June 28, 2012
In a fascinating recent article in the Wall Street Journal, Dana Mattioli reported on how the travel website Orbitz recently began using “seemingly innocuous information,” like whether their customers are on a Mac or PC, to segment them based on their likelihood of booking more expensive hotels. Using powerful statistics and analytics, their analytics team identified patterns in the data that would have been simply too difficult to find with Excel and hard work.

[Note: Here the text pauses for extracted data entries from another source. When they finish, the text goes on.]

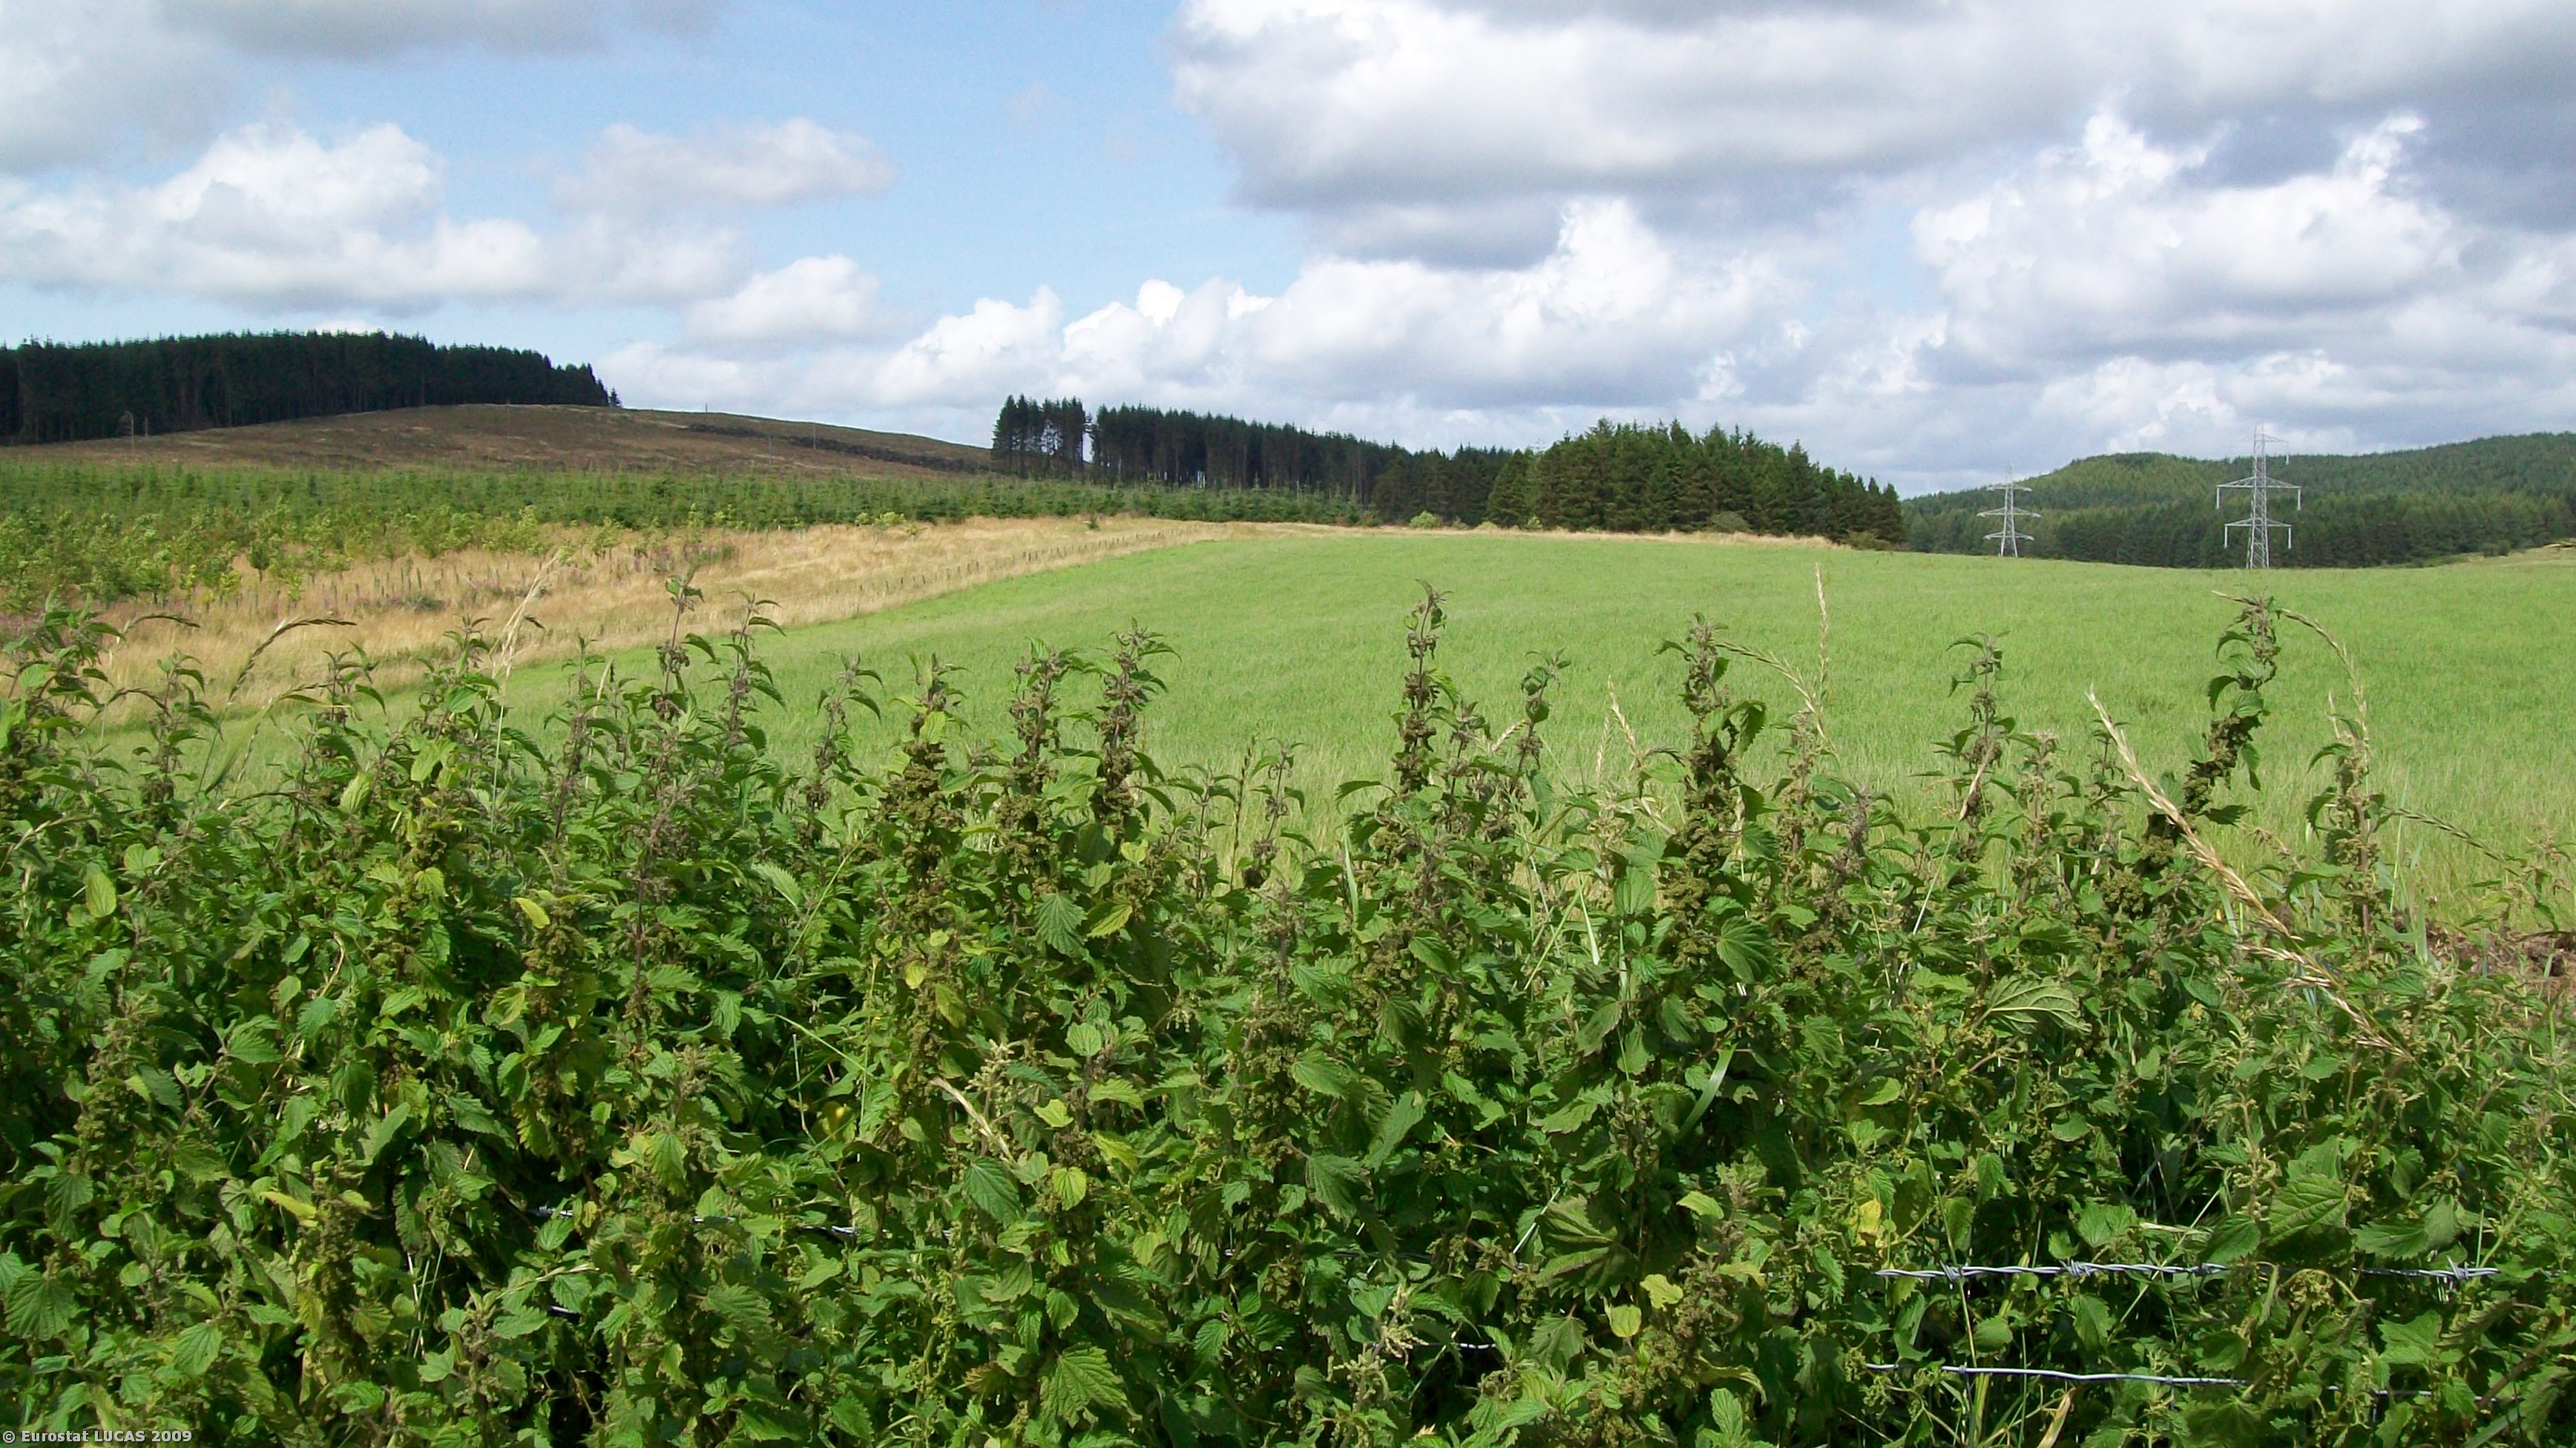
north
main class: Grassland
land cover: Grassland without tree/shrub cover
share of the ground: > 75 %
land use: Agriculture (excluding fallow land and kitchen gardens)
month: August
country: GB
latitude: 55.2291
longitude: -3.3630

Because Mac users were more likely to book nights at some of the more expensive hotels, Orbitz is experimenting with presenting the list of hotel choices in different ways. In some cases, the more expensive hotels didn’t appear on the PC list, or were shown further down the list. You could look at this as price optimization, or rather, a clever tactic to upgrade their product mix with customer segments where they think they can. It’s important to note that any user could simply “sort by price” when they wanted to, but this subtle change could mean that 1 or 2% higher realized price that can drive even larger gains in profits.

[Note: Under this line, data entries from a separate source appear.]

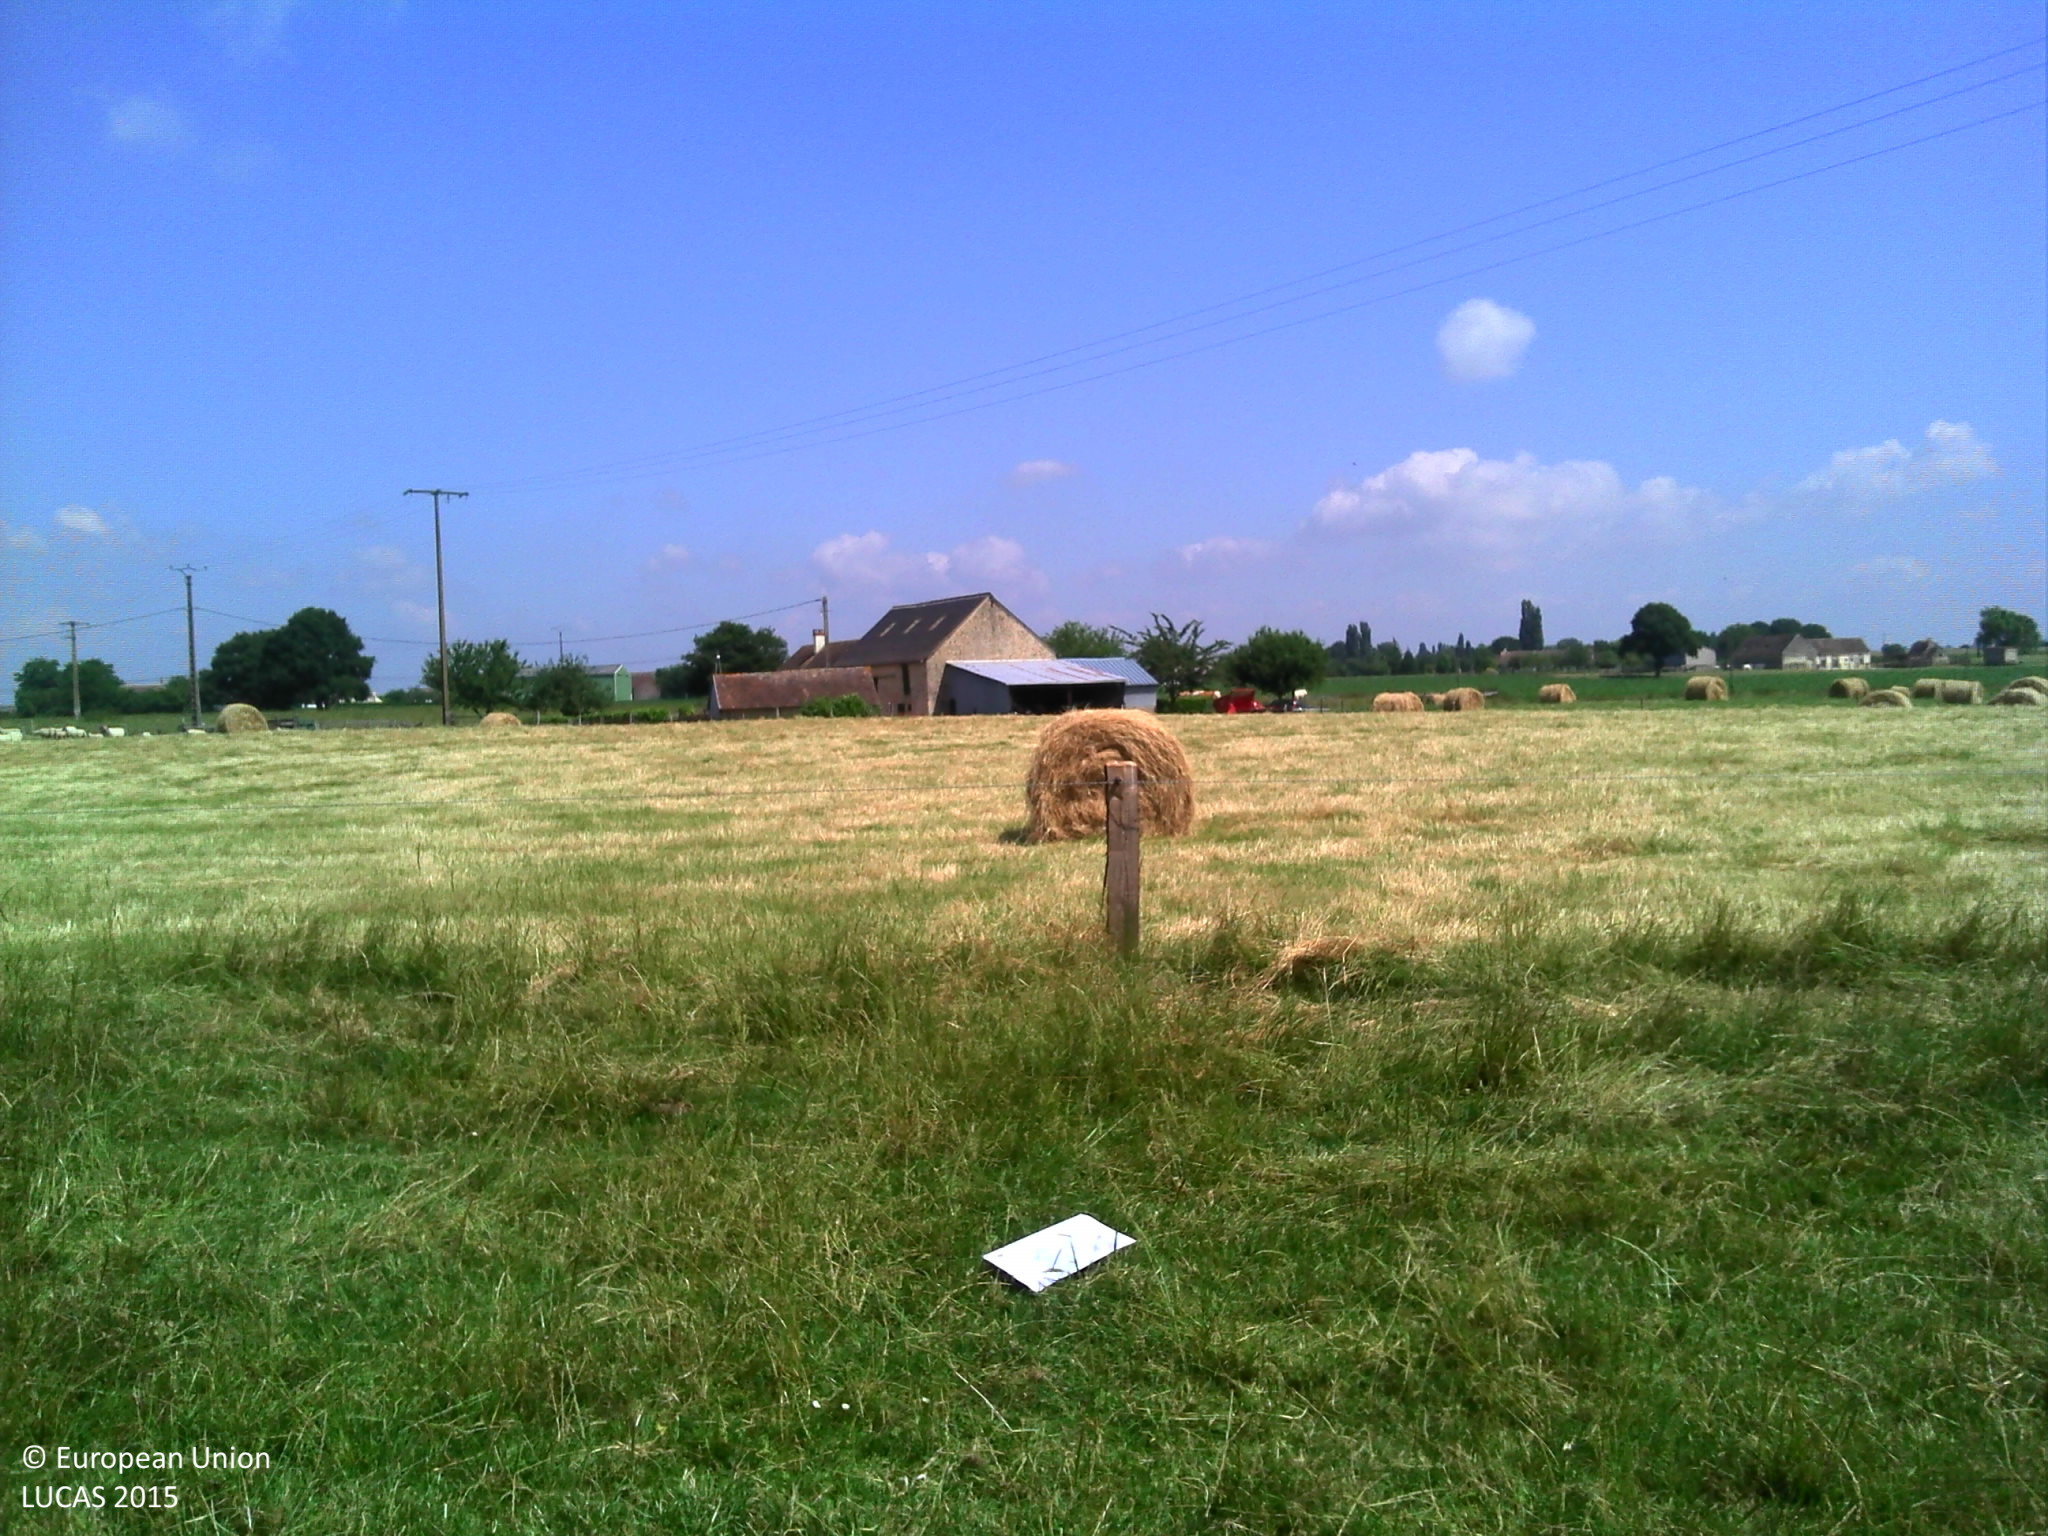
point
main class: Grassland
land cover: Grassland without tree/shrub cover
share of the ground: > 75 %
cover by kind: herbaceous plants 100 %
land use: Agriculture (excluding fallow land and kitchen gardens)
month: June
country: FR
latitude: 48.2448
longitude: 0.2646

While the Orbitz example is a B2C situation, it illustrates the same concept that is applicable in B2B: different customers value your products & services differently. And if they value your products & services differently, then you should attempt to manage pricing differently as well. This is commonly referred to as price differentiation.
I know this works in B2B because at Vendavo, we’ve helped companies in some B2B sectors like chemicals, industrial manufacturing, and high-tech manufacturing do essentially the same thing. The first step is evaluating all the potential attributes for developing the segmentation scheme (e.g. whether the user is a Mac user or PC user… a customer attribute). Once you’ve developed segments based on price differentiation, then you can begin to truly optimize your pricing.
So I think the question we should be asking ourselves is: “What data do we have today, that may help in identifying pricing segments in our business?” Yes, you probably have a very basic type of segmentation which uses two or three attributes like: region, size, and industry. But do you really know empirically that these are valid and predictive of differentiation? And what attributes do you have available to you today that are also valid, but you’re not currently utilizing?
With so much potential profit improvement out there – and with your competitors reading the same articles you are – can you really afford not to investigate the possibilities?